*** Opening Provided data ***

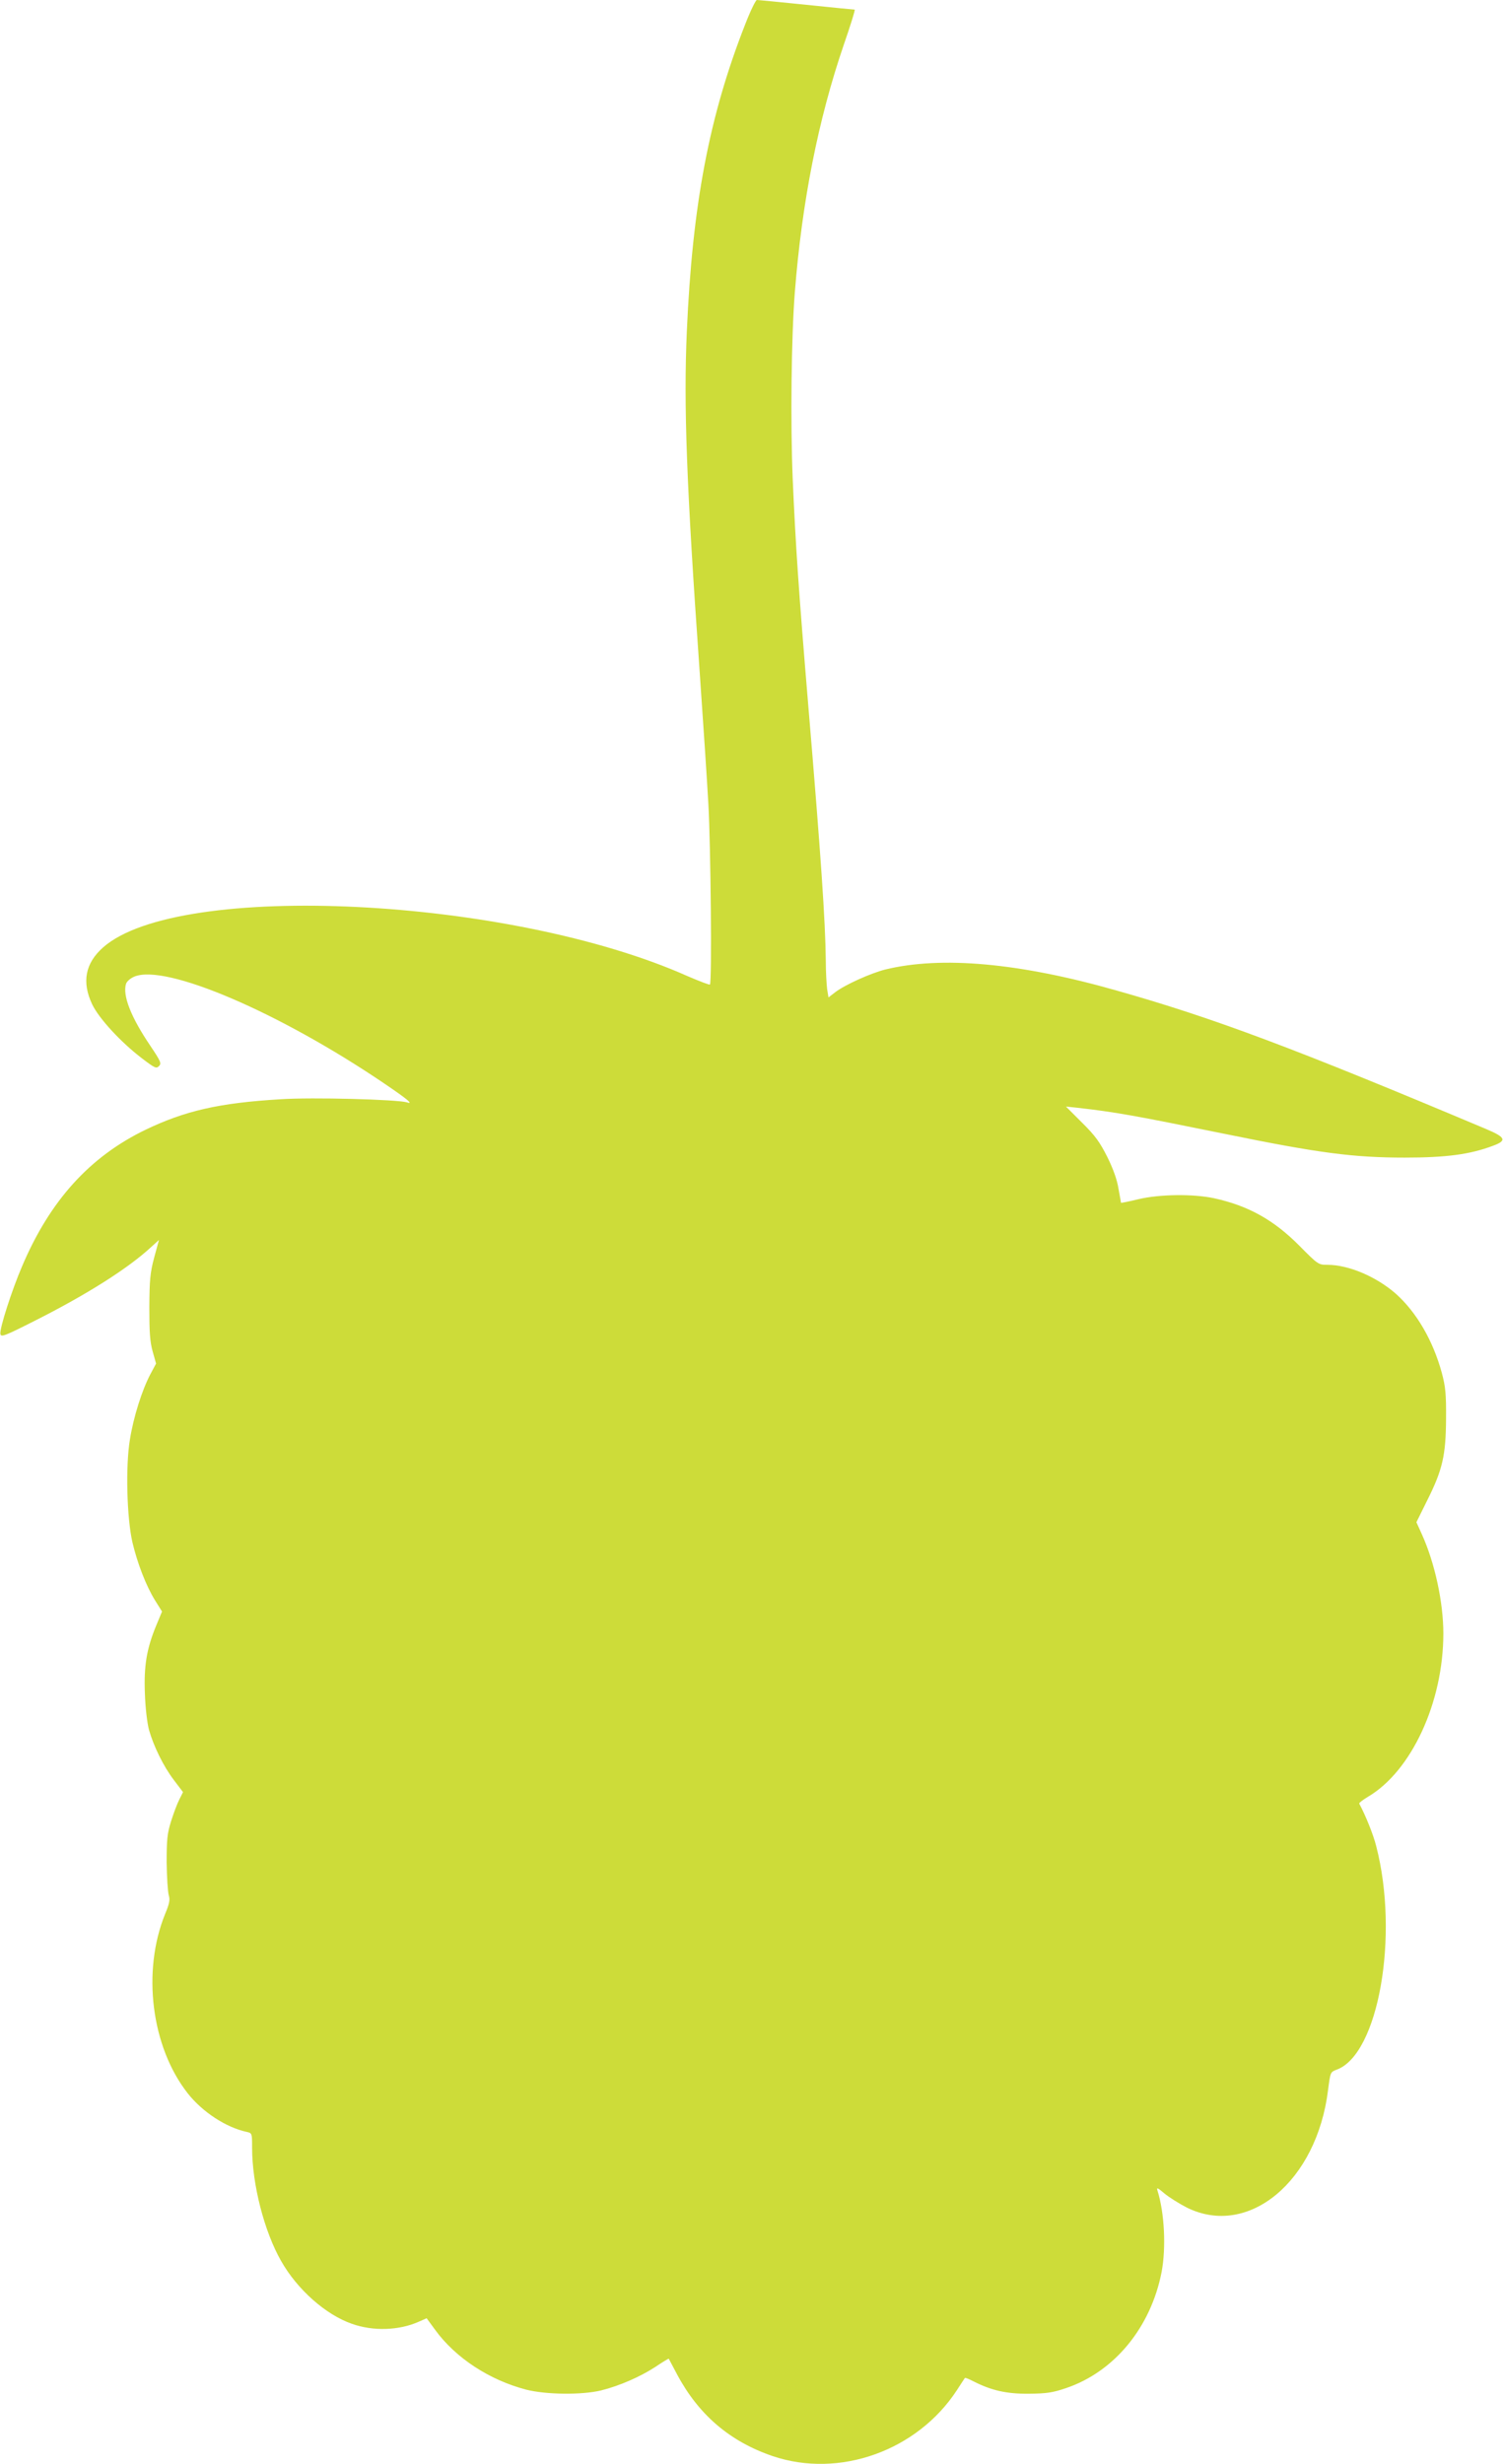 <?xml version="1.0" standalone="no"?>
<!DOCTYPE svg PUBLIC "-//W3C//DTD SVG 20010904//EN"
 "http://www.w3.org/TR/2001/REC-SVG-20010904/DTD/svg10.dtd">
<svg version="1.0" xmlns="http://www.w3.org/2000/svg"
 width="781pt" height="1280pt" viewBox="0 0 781 1280"
 preserveAspectRatio="xMidYMid meet">
<g transform="translate(0,1280) scale(0.1,-0.1)"
fill="#cddc39" stroke="none">
<path d="M3872 12673 c-187 -476 -274 -936 -303 -1593 -17 -386 -2 -798 66
-1760 19 -272 40 -587 46 -700 12 -208 19 -924 8 -934 -3 -3 -54 17 -115 43
-923 412 -2644 497 -3038 150 -93 -82 -112 -180 -57 -296 35 -73 147 -195 258
-280 67 -51 75 -55 89 -41 14 14 10 24 -45 106 -101 149 -145 262 -126 322 4
12 23 29 43 37 162 68 753 -185 1300 -556 121 -82 153 -109 116 -97 -52 15
-491 27 -656 16 -320 -19 -497 -60 -703 -159 -289 -140 -495 -367 -640 -708
-53 -123 -118 -325 -113 -352 3 -18 20 -12 180 69 268 135 483 271 602 381
l42 38 -25 -92 c-21 -79 -24 -115 -25 -257 0 -129 3 -179 17 -229 l18 -64 -30
-56 c-43 -82 -87 -220 -106 -339 -23 -138 -16 -406 13 -533 26 -110 71 -226
117 -301 l37 -59 -30 -72 c-50 -121 -65 -210 -59 -355 2 -71 12 -153 21 -187
24 -85 75 -190 130 -262 l47 -62 -19 -38 c-11 -21 -30 -72 -43 -113 -20 -64
-23 -95 -23 -215 1 -77 6 -153 11 -170 7 -23 4 -42 -19 -97 -121 -298 -72
-690 117 -931 77 -98 200 -178 307 -201 28 -6 28 -8 28 -82 0 -190 63 -435
151 -589 84 -148 232 -279 368 -326 110 -39 244 -35 347 11 l41 18 44 -60
c106 -146 282 -261 474 -311 103 -26 288 -28 388 -4 96 24 202 70 282 122 37
25 69 44 70 43 1 -2 20 -38 43 -81 112 -210 274 -349 497 -425 346 -117 751
27 957 342 21 33 40 61 42 64 2 2 22 -6 43 -17 94 -48 173 -66 288 -65 93 1
123 5 194 29 252 85 441 316 497 603 24 127 15 309 -22 425 -5 16 3 12 37 -17
24 -20 77 -53 116 -73 321 -159 676 137 734 611 12 92 12 93 44 105 217 78
327 695 206 1162 -15 60 -56 161 -88 220 -2 4 18 19 44 35 227 133 393 491
393 849 0 162 -44 365 -111 514 l-29 64 55 111 c81 161 98 236 99 426 1 132
-3 167 -22 239 -46 168 -131 314 -238 410 -101 89 -246 151 -356 151 -47 0
-49 1 -146 99 -133 134 -265 208 -444 247 -108 23 -282 21 -392 -5 -49 -12
-90 -20 -91 -19 0 2 -6 35 -13 73 -7 46 -27 102 -58 165 -39 77 -62 110 -131
178 l-84 84 58 -6 c202 -23 295 -40 763 -135 494 -101 673 -124 940 -124 214
0 337 16 457 61 74 27 68 44 -34 87 -997 420 -1416 577 -1918 719 -508 145
-913 181 -1205 110 -75 -19 -209 -79 -260 -118 l-35 -27 -7 43 c-3 24 -7 90
-7 148 -2 201 -25 542 -91 1325 -50 599 -66 832 -81 1180 -12 294 -7 732 11
965 37 472 122 900 254 1286 35 101 61 184 57 184 -3 0 -116 11 -251 25 -135
14 -250 25 -257 25 -6 0 -34 -57 -61 -127z"/>
</g>
</svg>

*** Closing Provided data ***

When you reach the line with "151 -589 84" in the records above, start writing out lines exactly, and stop once the line with "123 5 194 29" has been written; include nothing else.

151 -589 84 -148 232 -279 368 -326 110 -39 244 -35 347 11 l41 18 44 -60
c106 -146 282 -261 474 -311 103 -26 288 -28 388 -4 96 24 202 70 282 122 37
25 69 44 70 43 1 -2 20 -38 43 -81 112 -210 274 -349 497 -425 346 -117 751
27 957 342 21 33 40 61 42 64 2 2 22 -6 43 -17 94 -48 173 -66 288 -65 93 1
123 5 194 29 252 85 441 316 497 603 24 127 15 309 -22 425 -5 16 3 12 37 -17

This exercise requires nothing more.